**Problem statement**:
Show every line from the data below that includes "wide".

**Listed records**:
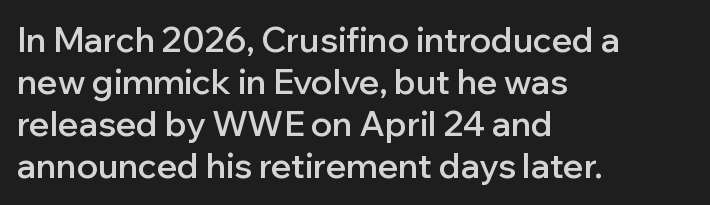
{"serif": "no", "italic": "no", "bold": "semi", "weight": "semibold", "width": "normal", "stroke_contrast": "low", "x_height": "medium", "monospaced": "no", "underline": "no", "align": "left", "line_spacing_ratio": 1.24, "letter_spacing": "normal", "letter_spacing_em": 0.0, "glyph_px": 34}
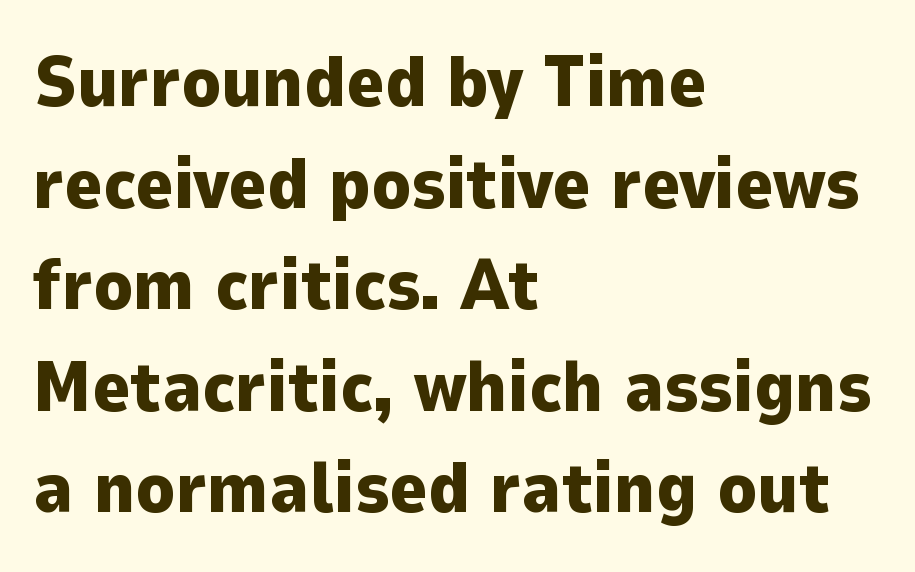
{"serif": "no", "italic": "no", "bold": "yes", "weight": "heavy", "width": "normal", "stroke_contrast": "low", "x_height": "medium", "monospaced": "no", "underline": "no", "align": "left", "line_spacing": "normal", "line_spacing_ratio": 1.41, "letter_spacing": "normal", "letter_spacing_em": 0.0, "glyph_px": 72}
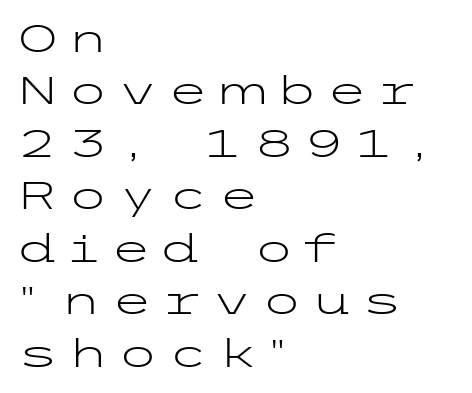
The zone under the glyphs is completely vacant. I'd call this a sans setting — the letters go barefoot. A typesetter would call this leading conventional body-copy spacing. The face looks like a standard text weight, possibly lighter. Posture: upright roman.
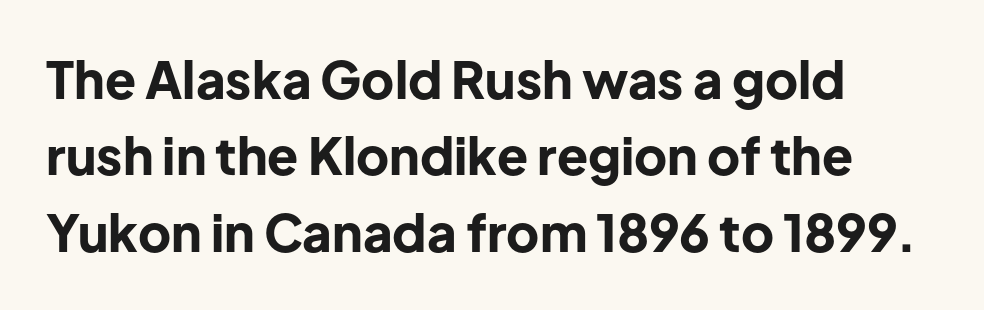
{"serif": "no", "italic": "no", "bold": "yes", "weight": "bold", "width": "normal", "stroke_contrast": "low", "x_height": "medium", "monospaced": "no", "underline": "no", "align": "left", "line_spacing": "normal", "line_spacing_ratio": 1.5, "letter_spacing": "normal", "letter_spacing_em": 0.0, "glyph_px": 51}
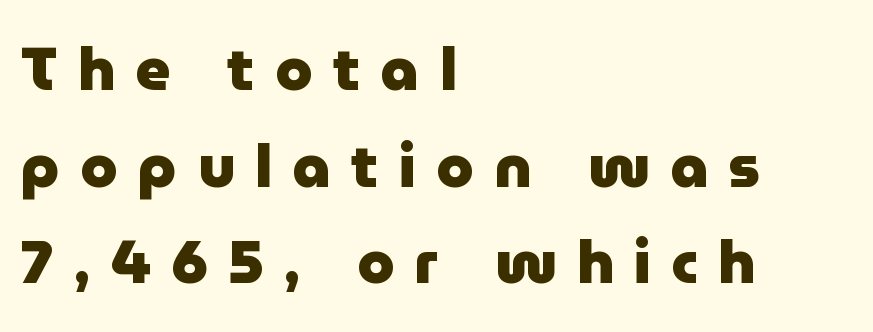
Q: Is the text bold? A: Yes.
Q: Is the text italic (slanted)? A: No, it is upright.
Q: Is the typeface a serif or a sans-serif typeface? A: Sans-serif.
Q: Is the text underlined? A: No.
Q: How is the paragraph aligned? A: Left-aligned.
Q: Is the spacing between letters normal or unusually wide? A: Unusually wide.
Q: Is the spacing between lines tight, normal or loose? A: Normal.
Q: Width (condensed, normal, or wide)? A: Normal.
Q: Stroke contrast? A: Low.
Q: x-height? A: Medium.
Q: Monospaced? A: No.
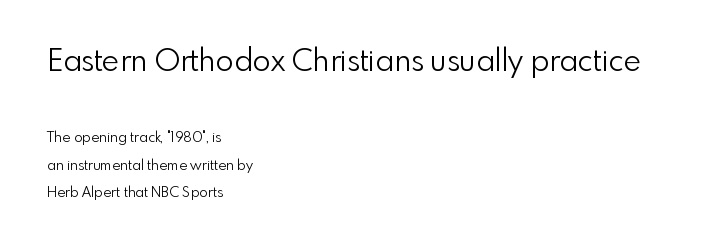
The baseline area is clear. Observe the absence of serifs on each vertical stroke in this sample. The letterforms sit shoulder to shoulder at normal distance. Of the two passages, the one on top uses the larger point size. The passage shown stacks its lines with a broad gap. Weight class: somewhere from thin through regular.
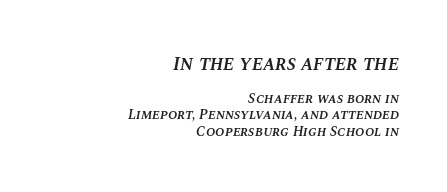
Visually the block forms a straight wall on the right and a jagged coastline on the left. Does the bottom block carry the larger type? No, the top block does. There is no visible air inserted between adjacent glyphs. There's an unmistakable incline to the writing here. Moderately thickened strokes mark this as semibold type.
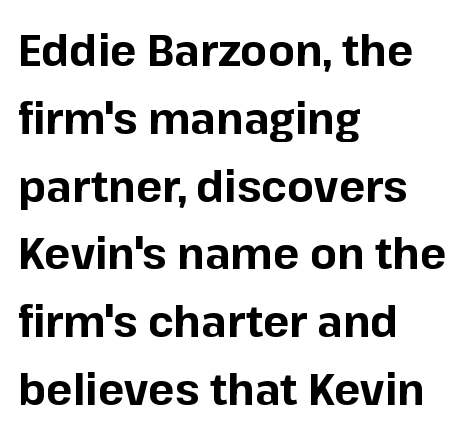
Q: Is the text bold? A: Yes.
Q: Is the text italic (slanted)? A: No, it is upright.
Q: Is the typeface a serif or a sans-serif typeface? A: Sans-serif.
Q: Is the text underlined? A: No.
Q: How is the paragraph aligned? A: Left-aligned.
Q: Is the spacing between letters normal or unusually wide? A: Normal.
Q: Is the spacing between lines tight, normal or loose? A: Normal.
Q: Width (condensed, normal, or wide)? A: Normal.
Q: Stroke contrast? A: Low.
Q: x-height? A: Medium.
Q: Monospaced? A: No.

**Problem solution**:
Q: Is the spacing between letters normal or unusually wide? A: Unusually wide.
Q: Width (condensed, normal, or wide)? A: Normal.
Q: Is the spacing between letters normal or unusually wide? A: Normal.
Q: Width (condensed, normal, or wide)? A: Normal.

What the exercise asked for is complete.